To tackle the human health challenges that face the world today, the FNIH develops collaborations with top experts from government, industry, academia and the not-for-profit sector and provides a neutral environment where we can work productively toward a common goal.

Bespoke Gene Therapy Consortium (BGTC)

The Bespoke Gene Therapy Consortium (BGTC) is a developing public-private partnership dedicated to making gene therapy a reality for people with rare genetic diseases affecting populations too small to be viable from the current commercial perspective. Building on the successful Accelerating Medicines Partnership model, this program will focus on developing an operational playbook that invokes the use of streamlined templates, master regulatory files, and uniform production processes. It is anticipated that following a pilot phase of 4-6 test cases, a pathway toward the commercial viability of these therapies will be found. This may ultimately have a tremendously positive impact on the larger field of gene therapy if it moves more broadly into the era of genome editing.

Genomic Literacy, Education, and Engagement (GLEE) Initiative

The GLEE initiative will inform and unite K-16 students and educators, public and community-based groups, and healthcare professionals to enhance the integration of genomic information and technologies into healthcare - as well as into society more broadly.

International Summit in Human Genetics and Genomics

The International Summit in Human Genetics and Genomics is a five-year initiative (2016-2020) designed to help developing nations build and expand their knowledge base, infrastructure, systems and technologies in genetics and genomics. Each fall, researchers from abroad travel to the National Institutes of Health in Bethesda, Maryland for one month of in-person training at the National Human Genome Research Institute (NHGRI). The Summit helps them to understand the prevalence and basis of genetic diseases in their nations and to address these public health challenges. The 2020 Summit will be held on August 31 - October 1, 2020.

Dr. Edward T. Rancic Memorial Fund for Cancer Research

The Dr. Edward T. Rancic Memorial Fund for Cancer Research supports a Fellow in the laboratory of Dr.
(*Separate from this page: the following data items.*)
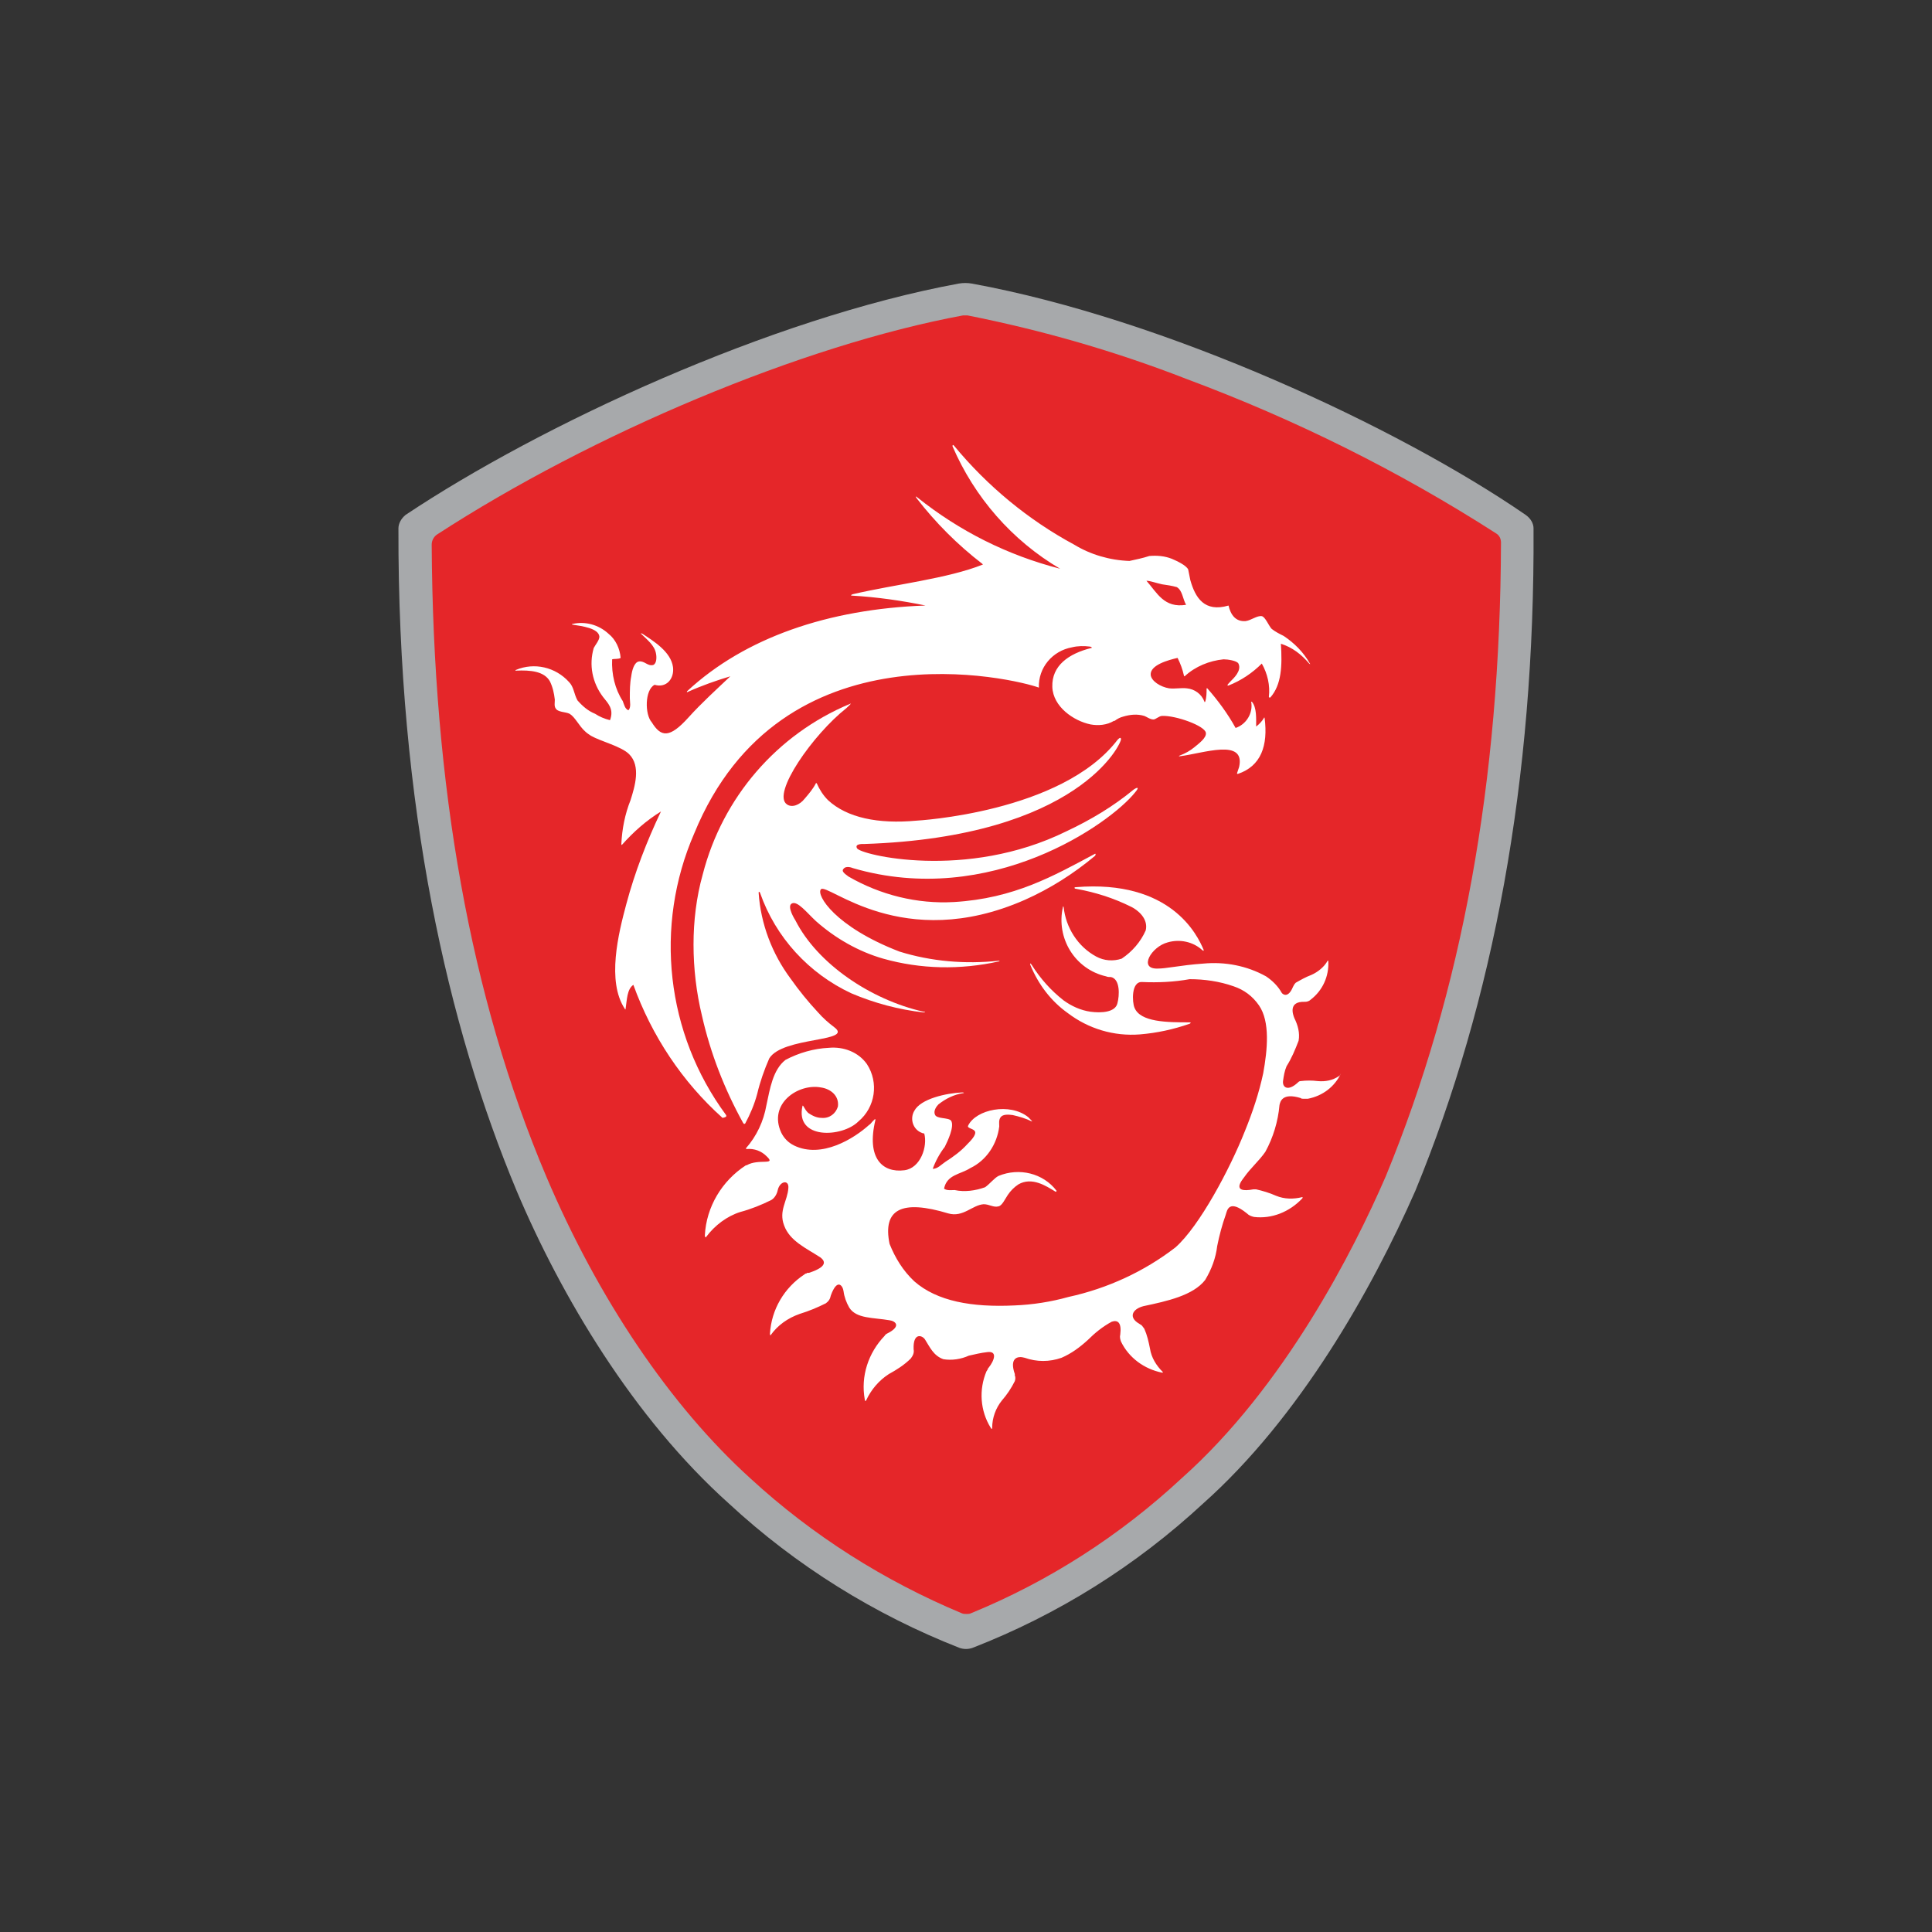 <?xml version="1.0" encoding="UTF-8"?>
<svg id="BITSmart" xmlns="http://www.w3.org/2000/svg" viewBox="0 0 1024 1024">
  <rect x="0" y="0" width="1024" height="1024" fill="#333333" stroke="none"/>
  <defs>
    <style>
      .cls-1 {
        fill: #fff;
      }

      .cls-2 {
        fill: #e52629;
      }

      .cls-3 {
        fill: #a7a9ab;
      }
    </style>
  </defs>
  <g id="MSI">
    <path class="cls-3" d="m808.682,272.933c-67.515-46.51-190.916-103.897-293.688-122.651-2.251-.375-4.501-.375-6.752,0-99.772,18.379-221.298,74.641-293.313,122.651-2.251,1.875-3.751,4.501-3.751,7.127-.375,147.782,26.256,264.057,62.639,351.076,23.63,55.887,61.888,120.401,112.524,165.786,35.633,33.007,77.267,58.888,122.276,76.516,2.251.75,4.501.75,6.752,0,45.385-17.629,86.644-43.509,122.276-76.516,51.011-45.385,89.269-112.899,112.524-165.786,41.259-100.147,63.389-217.547,62.639-351.076,0-2.626-1.5-5.251-4.126-7.127"/>
    <path class="cls-2" d="m734.416,623.634c-16.879,39.008-53.637,111.399-108.023,159.785-32.632,30.382-70.515,54.762-111.774,71.641-.75.375-1.5.375-2.251.375s-1.875,0-2.626-.375c-41.259-17.254-79.142-41.259-111.774-71.265-42.759-38.633-81.017-95.646-108.398-160.16-40.509-95.646-60.013-207.045-60.763-334.947,0-2.251,1.125-4.126,2.626-5.251,82.518-53.637,193.917-100.522,279.06-116.275h2.251c39.759,7.877,78.767,19.129,116.275,33.757,57.387,21.38,112.524,48.761,163.91,81.768,1.875,1.125,2.626,3.001,2.626,4.876-.375,126.402-20.63,237.801-61.138,336.073"/>
    <path class="cls-1" d="m615.89,309.691c2.626.375,5.251.75,7.877,1.5,3.001,1.875,3.001,6.001,4.876,9.377-11.627,1.875-15.378-6.376-21.005-12.753,1.875,0,4.876,1.125,8.252,1.875m-231.05,281.311c-31.882-43.134-38.258-100.147-16.879-149.282,46.135-112.524,170.662-81.768,182.664-77.267-.375-10.502,7.127-19.504,17.629-21.38,3.001-.75,6.376-.75,9.377-.375.75,0,1.5.75.75.75-12.003,3.001-21.005,9.377-20.63,20.63.375,10.502,11.252,18.004,20.254,19.879h0c4.126.75,8.627.375,12.378-1.875h.375c1.5-1.125,3.001-1.875,4.501-2.251,3.751-1.125,7.502-1.5,11.252-.375,1.125.375,3.001,1.875,4.876,1.875,1.125,0,3.001-1.875,4.501-1.875,7.127-.375,22.88,5.251,23.255,9.002.375,2.626-3.751,5.626-6.001,7.502s-4.876,3.376-7.877,4.501c-.75.375-.375.375,0,.375,12.378-1.5,34.883-9.752,31.507,5.626-.375,1.125-.75,2.251-1.125,3.376,0,0,0,.375.375.375,12.378-4.126,16.128-15.003,14.253-29.631,0-.375-.375-.375-.375,0-1.125,1.875-2.626,3.376-4.126,4.501h0c0-4.126.375-10.127-2.251-13.128h-.375c1.125,6.001-2.626,12.003-8.252,13.878-4.126-7.502-9.377-14.628-15.003-21.005h-.375c0,2.251,0,4.876-.75,7.127,0,0-.375.375-.375,0-1.5-4.126-5.251-6.752-9.377-7.127-3.001-.375-6.001.375-9.377,0-4.501-.75-9.377-3.751-9.752-7.127-.375-5.251,9.377-7.877,14.253-9.002,1.5,3.001,2.626,6.001,3.376,9.377,0,.375.375.375.375.375,5.626-5.251,13.128-8.252,20.63-9.002,2.251,0,7.127.75,7.877,2.251,1.875,3.751-2.626,7.877-4.126,9.377-2.626,2.626-1.5,2.251-1.125,2.251,6.752-2.626,12.753-6.752,17.629-11.627,3.001,5.251,4.501,11.627,3.751,17.629,0,0,0,.375.375.375h.375c6.001-6.752,6.376-16.879,5.626-28.506,6.001,1.875,10.877,5.626,15.003,10.502.375.375.75.375.375,0-3.376-6.001-8.252-10.877-13.878-14.628-2.251-1.125-4.501-2.251-6.376-3.751-1.5-1.5-3.376-6.376-5.251-6.752-2.626-.375-5.626,2.251-8.627,2.626-5.251.375-7.877-3.376-9.002-8.252-12.753,3.751-17.629-4.126-20.254-13.503-.375-1.875-.75-3.751-1.125-5.626-1.125-2.251-6.001-4.501-8.627-5.626-3.751-1.5-7.877-1.875-12.003-1.5-3.376,1.125-7.127,1.875-10.502,2.626-10.502-.375-20.63-3.376-29.256-8.627-24.38-13.128-46.135-31.132-63.764-52.511-.75-.75-.75,0-.75.375,11.627,27.006,31.507,49.886,57.012,64.889-27.756-7.127-53.261-19.879-75.766-37.883-.375-.375-1.125-.75-.375.375,10.127,13.128,21.755,24.755,34.883,34.883l.375.375c-18.754,7.502-46.51,10.502-69.015,15.753-1.125.375-1.125.75-.375.75,13.128.75,26.256,2.626,39.008,5.251h-.375c-51.011,1.875-95.271,16.879-126.027,45.385-.375.375,0,.75.375.375,7.502-3.376,15.003-6.001,22.505-8.252-7.502,7.127-15.378,14.253-22.13,21.755h0c-10.127,11.252-14.628,10.502-19.504,2.626-3.751-4.126-3.751-17.254,1.5-19.879,6.376,1.875,10.502-3.376,9.752-9.377-1.125-8.252-10.502-13.878-16.128-17.629-.75-.375-1.125-.375-.75,0,3.001,3.001,7.127,6.001,7.877,10.502.375,1.875.375,5.251-1.5,6.001-3.001.75-4.501-2.251-7.502-1.875-2.626.375-3.751,4.876-4.126,7.877-.75,3.751-.75,7.502-.75,11.627,0,1.875.75,4.876-.75,6.376-1.875-.75-2.251-3.001-3.001-4.876-4.126-6.376-6.001-14.253-5.626-22.13,1.125-.375,3.376,0,4.501-.75-.375-4.876-2.626-9.752-6.376-12.753-5.251-4.876-12.378-6.752-19.129-5.251-.375,0-.375.375,0,.375,4.876.75,13.878,1.875,14.253,6.376,0,1.875-2.251,4.501-3.001,6.001-2.626,9.002-.75,18.379,4.876,25.881,2.626,3.376,6.001,6.376,3.751,12.378-3.001-.75-5.626-1.875-7.877-3.376-3.751-1.5-6.752-4.126-9.377-7.127-1.875-3.376-1.875-7.127-4.501-9.752-7.127-7.877-18.379-10.502-28.131-6.376-.375,0-.375.375,0,.375,7.877-.375,15.003.375,18.004,5.626,1.5,3.001,2.251,6.376,2.626,9.752,0,1.5-.375,3.376.375,4.501,1.125,2.251,5.251,1.875,7.502,3.001,3.001,1.875,4.876,6.376,8.252,9.377.75.75,1.875,1.5,3.001,2.251,5.251,3.001,16.128,5.626,20.254,9.752,6.376,6.376,3.001,17.254.75,24.38-3.001,7.502-4.501,15.378-4.876,23.255,0,.375.375.75.375.375,6.001-6.752,12.753-12.753,20.63-17.629-7.502,15.753-13.878,32.257-18.379,49.136-4.126,15.378-10.502,40.884-.75,55.512,0,.375.375.375.375,0,.75-4.876.75-10.502,4.126-12.753,9.752,27.006,25.881,51.386,47.26,70.515,1.875-.375,2.251-.75,1.875-1.5"/>
    <path class="cls-1" d="m451.98,460.098c73.141,21.38,136.53-23.63,149.657-40.134,2.251-2.626,1.5-3.001-.75-1.5-10.877,9.002-22.88,16.128-35.633,22.13-53.261,26.256-109.524,12.378-111.024,9.002-1.5-2.626,3.751-2.251,3.751-2.251,114.025-3.751,136.53-53.637,136.154-55.512,0-1.875-1.875.375-1.875.375-29.631,38.633-106.523,42.759-106.523,42.759-20.254,1.875-36.758-1.5-46.885-10.877-2.626-2.626-4.501-5.626-6.001-9.002h-.375c-1.5,3.001-3.751,5.626-6.001,8.252-2.626,3.376-6.752,4.876-9.377,3.001-8.252-5.626,13.878-37.133,31.507-51.011.75-.75,3.376-3.001,1.875-2.251-38.633,16.128-67.515,49.511-78.017,90.394-3.376,12.003-4.876,24.755-4.876,37.133,0,12.753,1.5,25.506,4.501,37.883,4.501,19.879,12.003,39.008,21.755,56.637.75,1.125.75.375,1.125.375,2.626-4.876,4.876-10.127,6.376-15.753,1.5-6.376,3.751-12.753,6.376-18.754,7.127-11.627,45.01-8.627,34.508-16.504-3.001-2.251-6.001-4.876-8.627-7.877-5.251-5.626-10.127-11.627-14.628-18.004-9.752-13.128-15.753-28.881-16.879-45.385,0-.75.375-.75.75,0,8.252,23.63,25.881,42.759,48.385,53.261,12.378,5.251,25.13,8.627,38.258,10.127,1.125,0,1.125-.375,0-.375-28.131-6.376-56.262-25.506-67.89-48.385,0,0-4.876-7.502-1.875-9.002s7.877,4.876,12.753,9.377c10.127,9.002,22.505,16.128,35.633,19.879,19.879,5.626,40.884,6.001,61.138,1.5.75,0,.75-.375,0-.375-17.629,1.875-35.633.375-52.511-4.876-34.132-13.128-44.26-30.006-41.634-33.007,3.376-3.751,43.134,34.132,108.023,5.626,13.503-6.001,25.881-13.878,37.133-23.255.75-.75.375-1.5,0-1.125-21.755,11.627-42.759,23.63-74.641,25.506-19.504,1.125-39.008-3.751-55.887-13.503-2.626-1.875-3.751-3.001-2.626-4.126,1.5-1.875,4.876-.375,4.876-.375"/>
    <path class="cls-1" d="m709.66,570.372c-3.376,2.251-7.127,3.001-11.252,2.626-3.001-.375-6.001-.375-9.002,0-.75,0-1.125.375-1.5.75h0c-5.251,4.876-8.252,2.626-7.877-.75.375-2.626.75-5.251,1.875-7.877,2.626-4.126,4.501-8.627,6.376-13.503.75-4.126-.375-8.252-2.251-12.003-.75-1.875-3.376-9.002,5.626-8.627h0c1.125,0,2.251-.375,3.001-1.125,6.376-4.876,9.752-12.378,9.377-20.254,0-.375-.375-.75-.375-.375-1.875,3.376-5.251,6.001-8.627,7.502-3.001,1.125-5.626,2.626-8.252,4.126-.75.75-1.125,1.5-1.5,2.251-2.626,6.376-5.626,3.751-6.001,3.001-1.875-3.376-4.876-6.376-8.252-8.627-10.127-5.626-21.755-7.877-33.382-6.752-5.626.375-11.252,1.125-16.504,1.875-2.626.375-5.251.75-7.502.75-10.502.375-3.376-11.627,5.251-13.878,6.376-1.875,13.503-.375,18.379,4.126.375.375.75.375.75,0-3.376-8.252-17.629-37.508-67.89-33.382-.75,0-.75.375-.375.75,10.502,1.875,20.254,4.876,30.006,9.752,3.001,1.5,9.002,6.001,7.502,12.378-2.626,6.001-7.127,11.252-12.753,15.003-4.501,1.5-9.377,1.125-13.503-1.125-9.752-5.251-16.128-15.378-17.254-26.256,0,0-.375-.75-.375,0-3.751,16.504,6.376,33.007,22.88,36.758.75.375,1.875.375,2.626.375,4.876,1.125,4.501,9.752,3.376,13.878-1.125,4.876-8.627,5.251-14.253,4.501-5.251-.75-10.127-3.001-14.253-6.001-6.752-5.251-12.378-11.627-16.879-18.754-.75-1.125-1.125-1.125-.75,0,4.126,10.127,10.877,19.129,19.879,25.506,10.877,8.252,24.38,12.378,38.258,11.252,9.002-.75,17.629-2.626,26.256-5.626.75-.375.75-.75,0-.75-11.627,0-26.256,0-29.256-7.877-1.125-2.626-1.875-13.878,4.126-13.503,8.252.375,16.879,0,25.13-1.5,7.877,0,15.753,1.125,23.255,3.751,5.626,1.875,10.127,5.251,13.503,10.127,6.001,8.627,4.501,23.63,2.251,36.008-2.251,10.502-5.626,20.63-9.752,30.757-7.877,19.879-24.005,50.261-36.758,61.513-16.504,12.753-36.008,21.755-56.637,26.256-9.377,2.626-19.129,4.126-28.506,4.501-22.88,1.125-41.259-2.251-53.261-12.753-6.001-5.626-10.127-12.378-13.128-19.879-3.751-18.379,6.376-23.63,31.132-16.128,7.877,2.251,12.753-4.501,18.754-4.876,3.001,0,5.251,1.875,7.877,1.125,1.875-.375,3.376-3.751,4.876-6.001s3.376-4.126,5.626-5.626c7.127-4.126,14.628.75,19.504,3.751.375.375.75,0,.75-.375-7.127-9.377-19.879-12.378-30.757-7.877-2.251,1.125-4.501,4.126-7.127,6.001-5.251,1.875-10.877,2.626-16.128,1.5-1.875,0-4.126.375-5.626-.75,1.5-7.502,8.627-7.502,13.878-10.877,8.627-4.126,14.253-12.753,15.378-22.13,0-1.5-.375-3.376.75-4.876,1.125-1.5,3.751-1.5,6.376-1.125,3.376.75,7.127,1.875,10.127,3.376.75.375-1.125-1.5-1.875-2.251-9.752-7.877-27.756-4.126-31.882,4.501-.75,1.5,3.376,1.5,3.751,3.376s-2.626,4.876-4.126,6.376c-3.376,3.751-7.502,6.752-11.627,9.377-2.251,1.5-4.126,3.751-6.752,3.751,1.5-4.126,3.751-8.252,6.376-11.627,1.5-3.001,5.251-10.877,3.376-13.878-1.5-1.875-7.877-.75-8.627-3.376-.75-1.875.75-4.126,1.875-5.251,3.751-3.001,8.252-5.251,13.128-6.001.75,0,.375-.375-.375-.375-8.627.375-22.13,3.376-25.506,9.752-2.251,3.751-1.125,9.002,3.001,11.252.75.375,1.5.75,2.251.75,1.875,6.752-1.875,18.379-10.502,19.504-11.627,1.5-20.254-6.376-15.378-26.631,0,0,0-.75-.375-.375l-1.125,1.125c-.75.75-1.125,1.5-1.875,1.875-7.877,7.127-25.13,18.004-39.759,10.877-3.001-1.5-5.251-3.751-6.752-6.752-7.127-15.378,9.002-26.256,21.005-24.005,5.251.75,9.752,4.501,9.002,10.127-1.125,3.751-4.501,6.376-8.627,6.001-2.626,0-4.876-1.125-7.127-2.626-2.251-2.251-2.626-4.501-3.001-3.751-4.126,18.004,21.005,16.879,29.631,8.252,9.002-7.502,10.877-20.63,4.501-30.382-4.501-6.376-12.378-9.377-20.254-8.627-7.877.375-15.753,2.626-22.88,6.376-6.752,5.251-8.252,15.378-10.127,24.005-1.5,8.627-5.251,16.504-10.877,22.88q0,.375.375.375c4.126-.375,7.877,1.125,10.502,3.751,5.626,5.251-4.126,1.125-10.502,4.876h-.375c-12.753,8.252-21.005,22.13-21.755,37.133,0,.75.375,1.5.75.75,4.501-6.001,10.877-10.877,18.004-13.128,5.626-1.5,11.252-3.751,16.504-6.376,1.875-1.125,3.001-3.376,3.376-5.251h0c1.125-4.876,6.001-5.626,5.626-1.125-.375,6.752-5.251,12.003-2.251,19.879,3.001,8.252,11.627,12.003,19.129,16.879,1.5,1.125,5.626,4.501-6.001,8.252h-.75c-.375,0-.375.375-.75.375s-.375,0-.75.375c-10.877,7.127-17.629,18.754-18.379,31.507,0,.75.375,1.125.375.75,3.751-5.251,9.002-9.002,15.378-11.252,4.876-1.5,9.377-3.376,13.878-5.626,1.5-1.125,2.251-2.251,2.626-4.126h0c3.376-9.377,6.376-5.251,6.752-2.251.375,3.001,1.5,6.001,3.001,8.627,3.751,6.001,12.753,5.251,21.38,6.752,3.001.375,6.376,3.001-.75,6.752h0c-.75.375-1.5.75-1.875,1.5-8.627,9.002-12.753,21.38-10.502,33.757,0,.75.375,1.125.75.375,2.626-5.626,6.752-10.502,12.003-13.878,4.126-2.251,8.252-4.876,11.627-8.252,1.125-1.5,1.875-3.001,1.5-4.876h0c-.375-9.002,4.501-7.502,6.001-5.251,2.626,4.126,4.501,8.627,9.752,10.502,4.501.75,9.377,0,13.503-1.875,3.376-.75,6.376-1.5,9.752-1.875,5.626-.75,3.751,4.501.75,8.252l-.375.375v.375h0c-.375.375-.375.75-.75,1.125-4.126,9.752-3.376,21.005,2.251,30.006.375.75.75.75.75,0,0-5.251,1.875-10.502,5.251-14.628,2.626-3.001,4.876-6.376,6.752-10.127.375-1.125.375-2.251,0-3.001h0v-.75c-3.001-8.627,1.5-9.752,5.251-8.627,6.376,2.251,13.128,2.251,19.504,0,5.251-2.251,9.752-5.626,13.878-9.377,3.751-3.751,7.877-7.127,12.753-9.752,3.376-1.125,5.251.75,4.501,6.752h0c-.375,1.5,0,2.626.375,3.751,4.126,8.627,12.378,14.628,21.755,16.503q.75,0,.375-.375c-3.376-3.376-6.001-7.502-6.752-12.378-.75-3.751-1.5-7.127-3.001-10.502-.375-.375-.75-1.125-1.125-1.5l-.375-.375h0c-.375-.375-.75-.375-1.125-.75-6.001-3.376-3.751-7.877,2.251-9.377,12.378-2.626,26.256-5.626,32.632-13.878,3.376-5.626,5.626-11.627,6.376-18.004,1.125-5.626,2.626-11.252,4.501-16.503.75-2.251,1.5-8.627,11.252-.75h0c1.125,1.125,2.251,1.5,3.751,1.875,9.377,1.125,18.754-2.626,25.506-9.752.375-.375.375-.75,0-.75-4.501,1.125-9.377,1.125-13.878-.75-3.376-1.5-7.127-2.626-10.502-3.376h-1.5c-12.003,2.251-6.001-4.876-4.876-6.376,3.376-4.876,7.877-8.627,11.252-13.503,4.126-7.502,6.752-16.128,7.502-24.755.375-1.875,1.5-6.752,11.252-3.751.375.375.75.375,1.5.375h2.251c7.877-1.5,14.253-6.376,17.629-13.503q-.75,1.5-1.125,1.5"/>
  </g>
</svg>

Richard Childs at the National Heart, Lung, and Blood Institute (NHLBI) to explore treatments for renal cell carcinoma.

Dean R. O'Neill Renal Cell Cancer Research Fund

The Dean R. O'Neill Renal Cell Cancer Research Fund supports a Fellow in the laboratory of Dr. Richard Childs at the National Heart, Lung, and Blood Institute (NHLBI) to explore treatments for renal cell carcinoma.

Heart Truth Community Action Program Grants

The Heart Truth® is a national awareness campaign for women about heart disease, sponsored by the National Heart, Lung, and Blood Institute (NHLBI), part of the National Institutes of Health. Heart disease is the leading cause of death for American women. Yet many women still do not take heart disease seriously or personally.

Baby Connectome Project

The Baby Connectome Project (BCP) is a four-year study of children from birth through five years of age, intended to provide a better understanding of how the brain develops from infancy through early childhood and the factors that contribute to healthy brain development.

Human Genome Exhibition

The Genome: Unlocking Life’s Code traveling exhibit is on a nationwide tour at museums and science centers across North America to educate and inform the public about genomic science. The exhibit is a partnership of the National Human Genome Research Institute (NHGRI) and the Smithsonian Institution's National Museum of Natural History.

Genome Research Fund

The Genome Research Fund supports genetics and genomics research at the National Human Genome Research Institute (NHGRI).

Biomarkers Consortium - Inflammatory Markers for Early Detection and Subtyping of Neurodegenerative and Mood Disorders

This project will aim to standardize and validate measurement methods for inflammatory markers associated with Alzheimer’s Disease and/or Major Depressive Disorder to ultimately identify a unique biosignature of disease. The identified biosignature would greatly assist with medication development, patient diagnosing, and patient selection for clinical trials.